Every entry must be transcribed exactly. Pictures are not part of the copy.

* * *

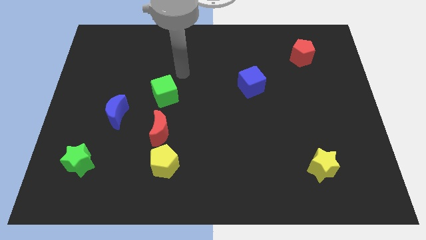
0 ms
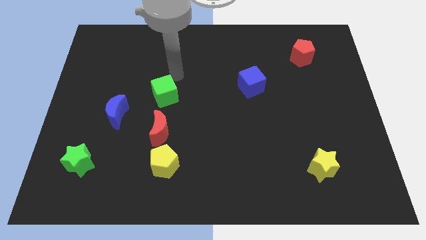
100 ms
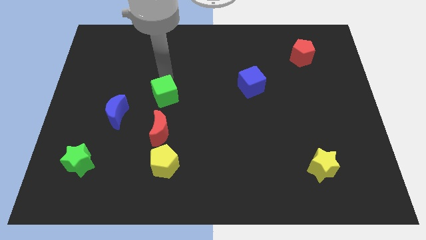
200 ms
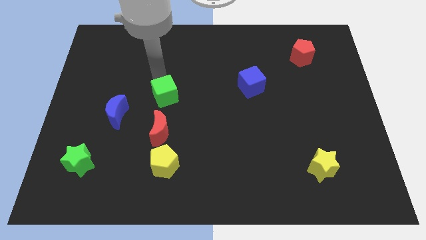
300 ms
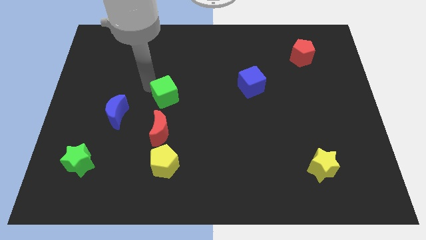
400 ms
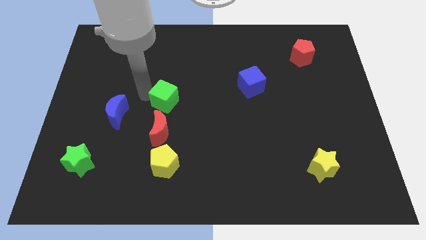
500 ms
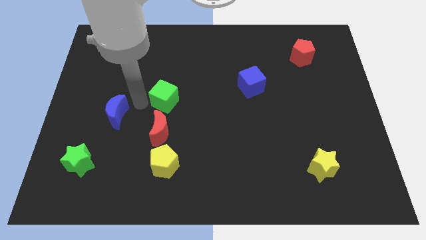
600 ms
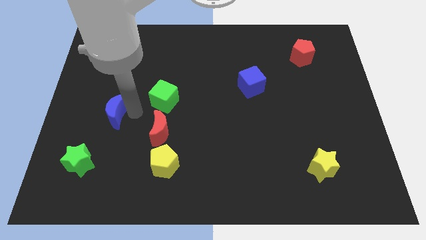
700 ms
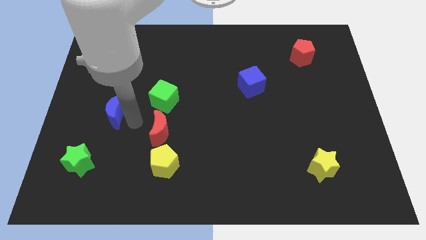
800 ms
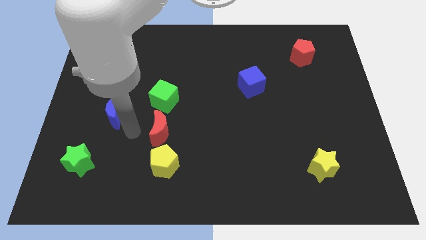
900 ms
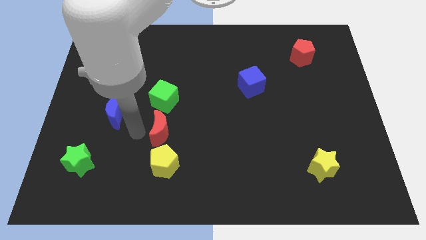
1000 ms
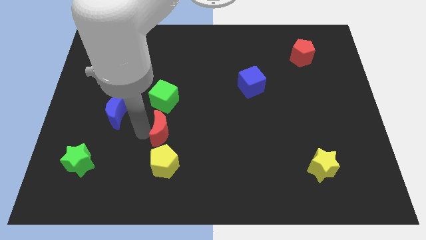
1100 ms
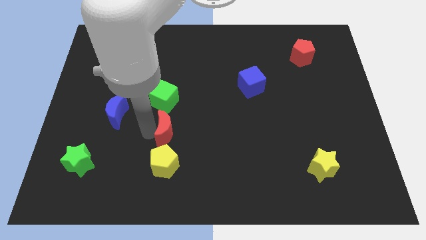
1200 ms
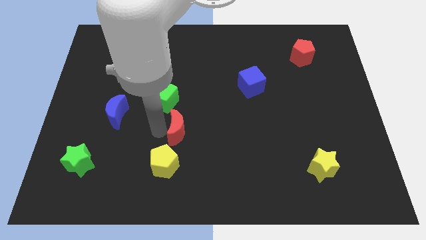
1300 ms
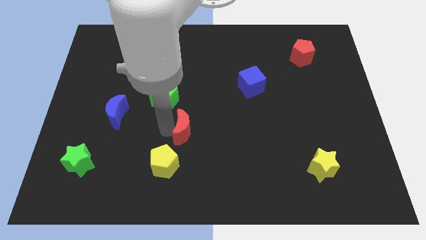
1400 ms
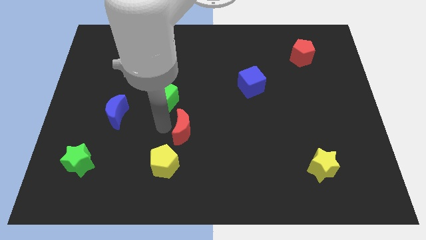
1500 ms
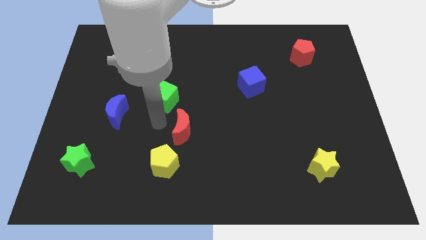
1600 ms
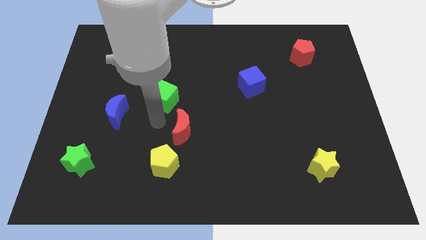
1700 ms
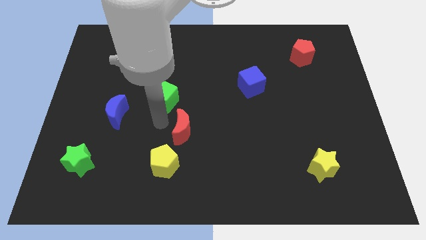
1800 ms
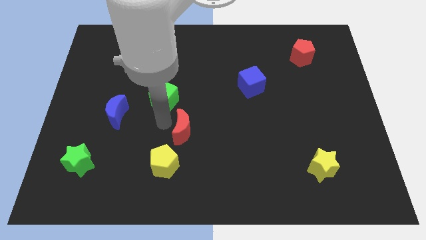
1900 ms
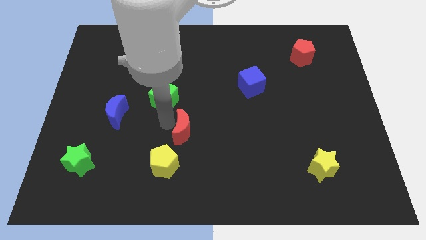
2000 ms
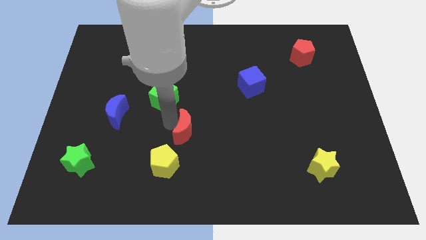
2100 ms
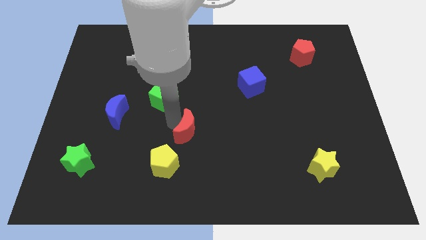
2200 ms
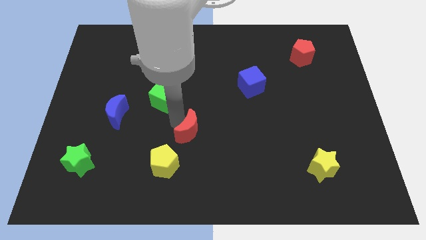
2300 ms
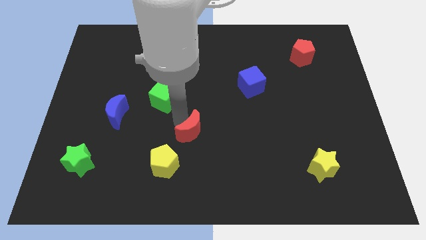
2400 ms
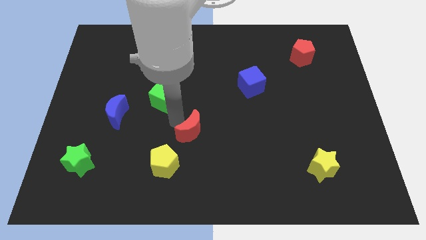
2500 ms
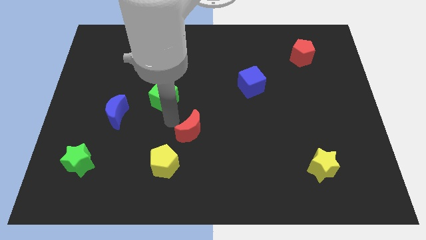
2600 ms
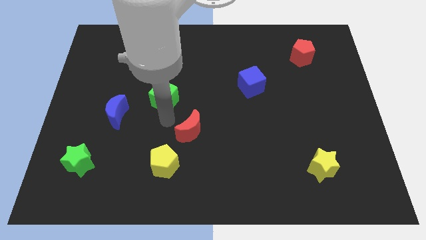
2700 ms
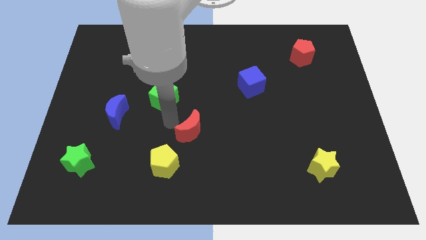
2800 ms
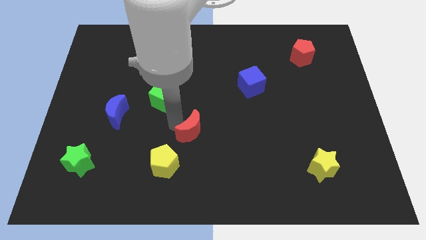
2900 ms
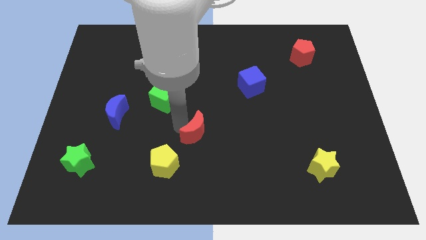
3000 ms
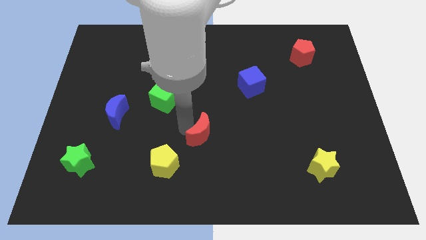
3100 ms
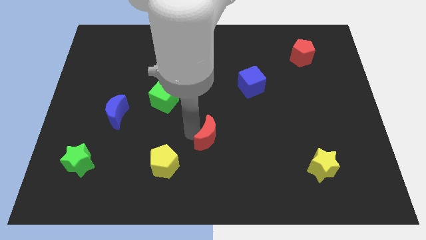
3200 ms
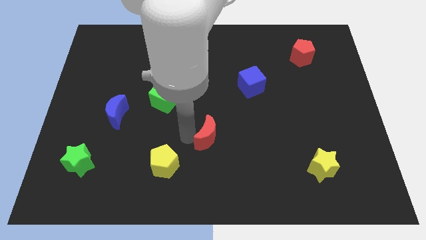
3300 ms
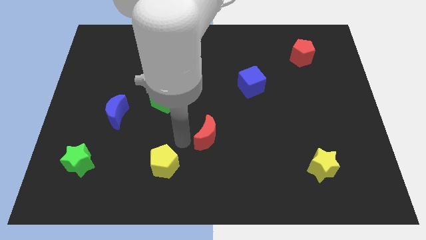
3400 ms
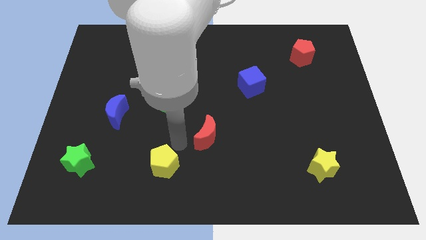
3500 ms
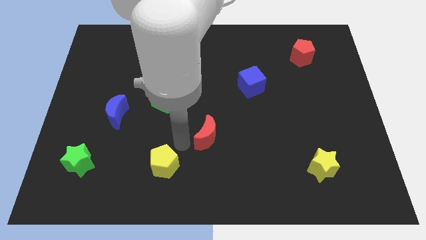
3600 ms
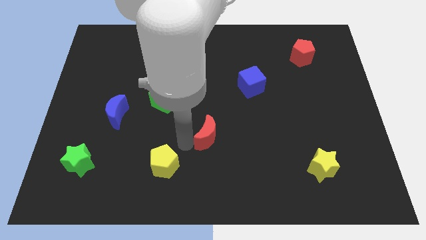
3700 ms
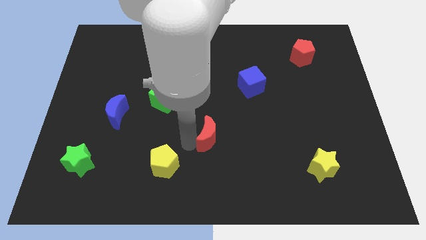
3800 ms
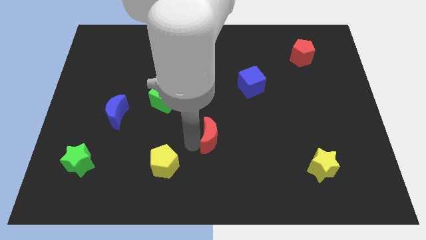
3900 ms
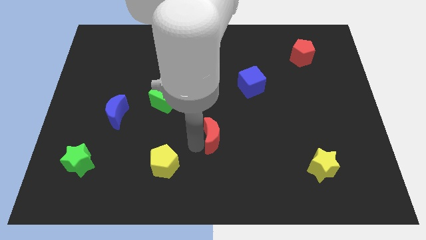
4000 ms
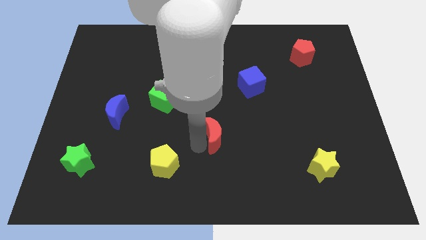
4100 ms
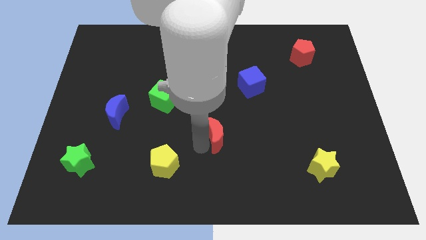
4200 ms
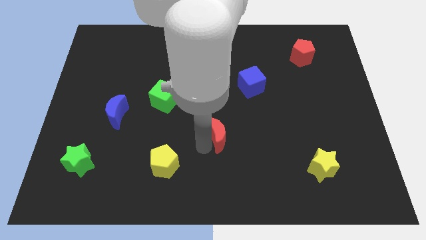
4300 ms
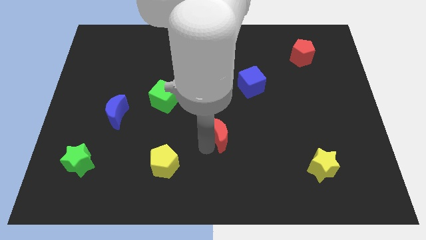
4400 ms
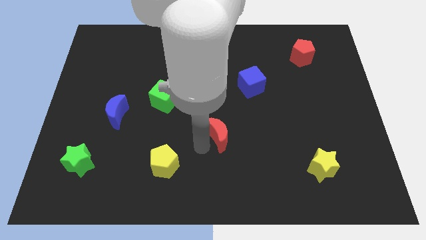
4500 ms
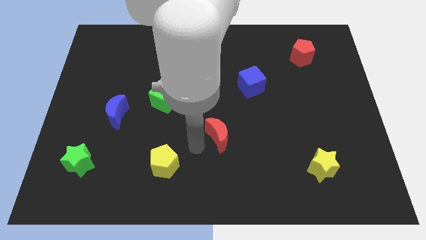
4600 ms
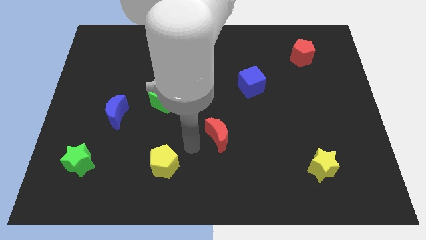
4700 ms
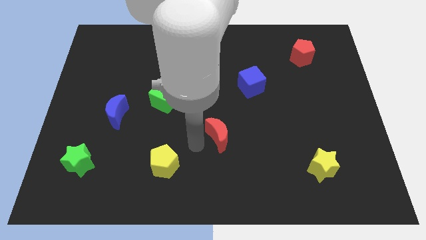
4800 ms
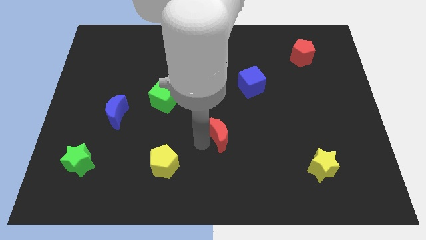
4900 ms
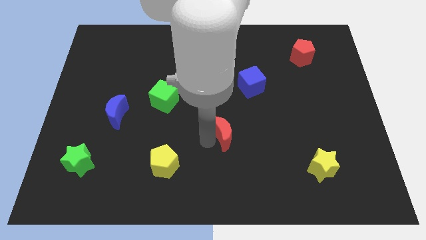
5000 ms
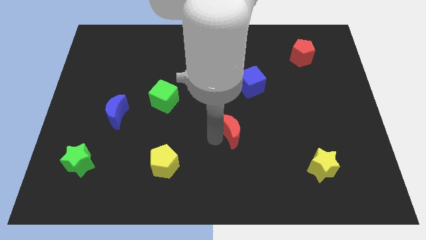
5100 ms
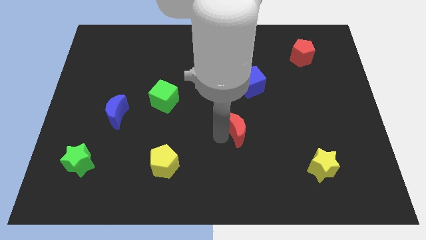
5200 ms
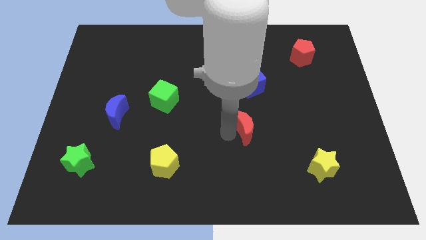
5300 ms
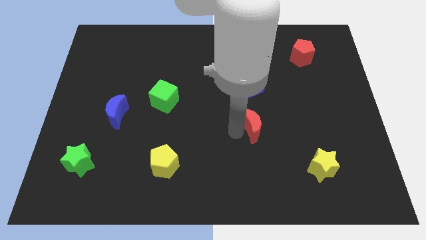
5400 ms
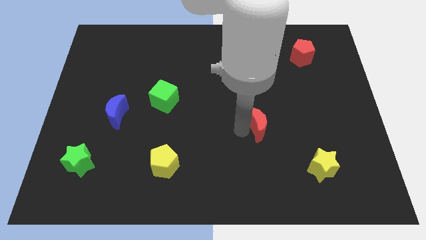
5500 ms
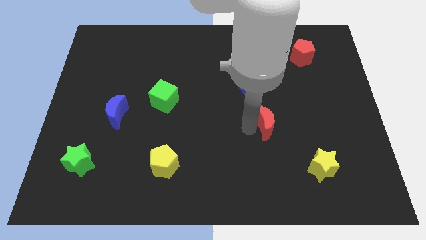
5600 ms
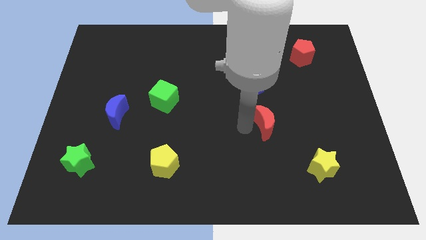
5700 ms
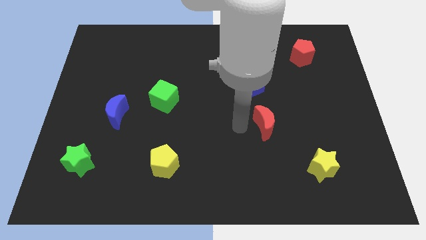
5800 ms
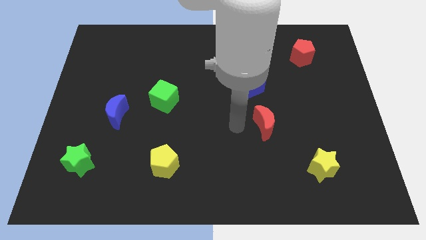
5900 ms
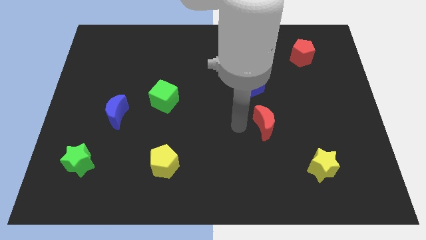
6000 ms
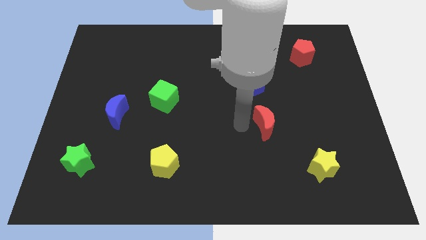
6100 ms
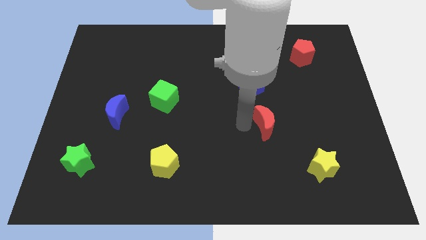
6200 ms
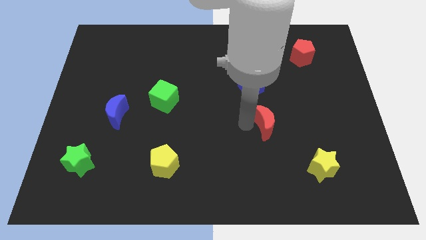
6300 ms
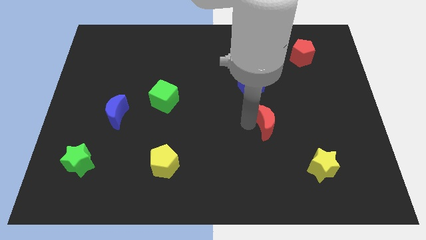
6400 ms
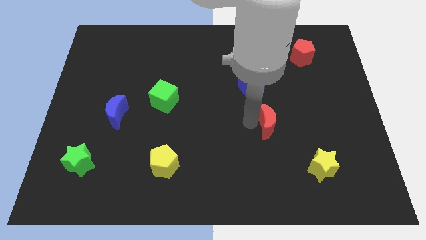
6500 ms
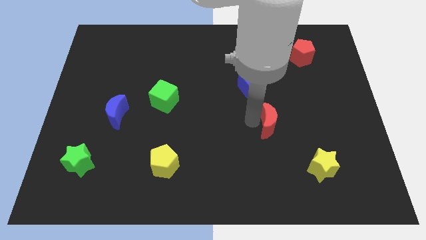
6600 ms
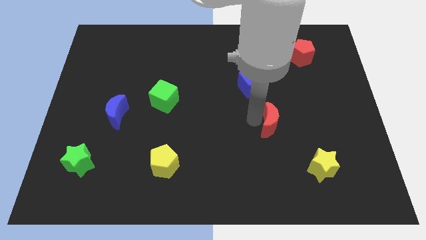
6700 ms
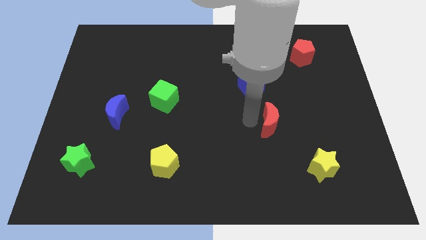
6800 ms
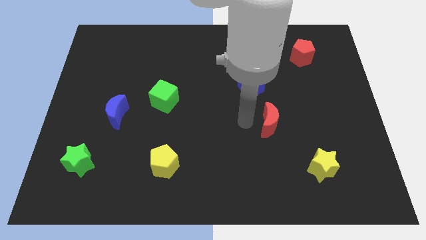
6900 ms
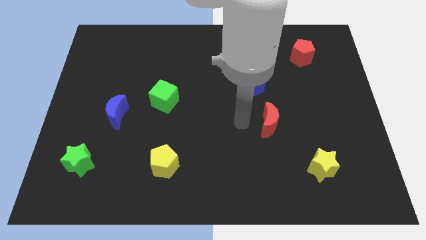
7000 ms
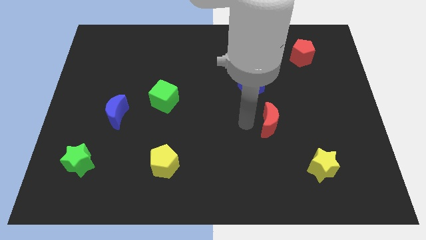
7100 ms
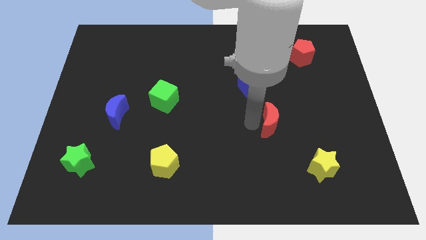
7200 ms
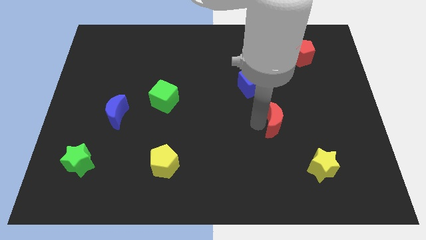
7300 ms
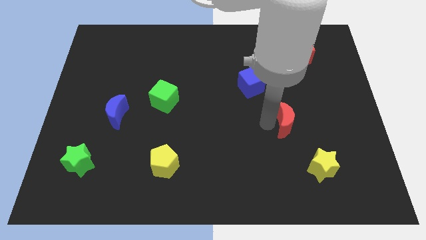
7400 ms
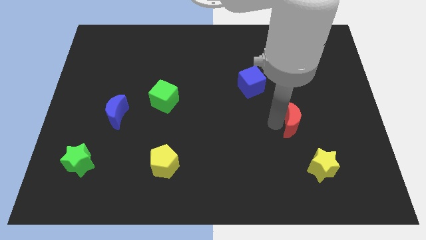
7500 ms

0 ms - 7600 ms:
move the red moon above the yellow star

* * *

▶ **Result of this task**
0 ms
100 ms
200 ms
300 ms
400 ms
500 ms
600 ms
700 ms
800 ms
900 ms
1000 ms
1100 ms
1200 ms
1300 ms
1400 ms
1500 ms
1600 ms
1700 ms
1800 ms
1900 ms
2000 ms
2100 ms
2200 ms
2300 ms
2400 ms
2500 ms
2600 ms
2700 ms
2800 ms
2900 ms
3000 ms
3100 ms
3200 ms
3300 ms
3400 ms
3500 ms
3600 ms
3700 ms
3800 ms
3900 ms
4000 ms
4100 ms
4200 ms
4300 ms
4400 ms
4500 ms
4600 ms
4700 ms
4800 ms
4900 ms
5000 ms
5100 ms
5200 ms
5300 ms
5400 ms
5500 ms
5600 ms
5700 ms
5800 ms
5900 ms
6000 ms
6100 ms
6200 ms
6300 ms
6400 ms
6500 ms
6600 ms
6700 ms
6800 ms
6900 ms
7000 ms
7100 ms
7200 ms
7300 ms
7400 ms
7500 ms

0 ms - 7600 ms:
move the red moon above the yellow star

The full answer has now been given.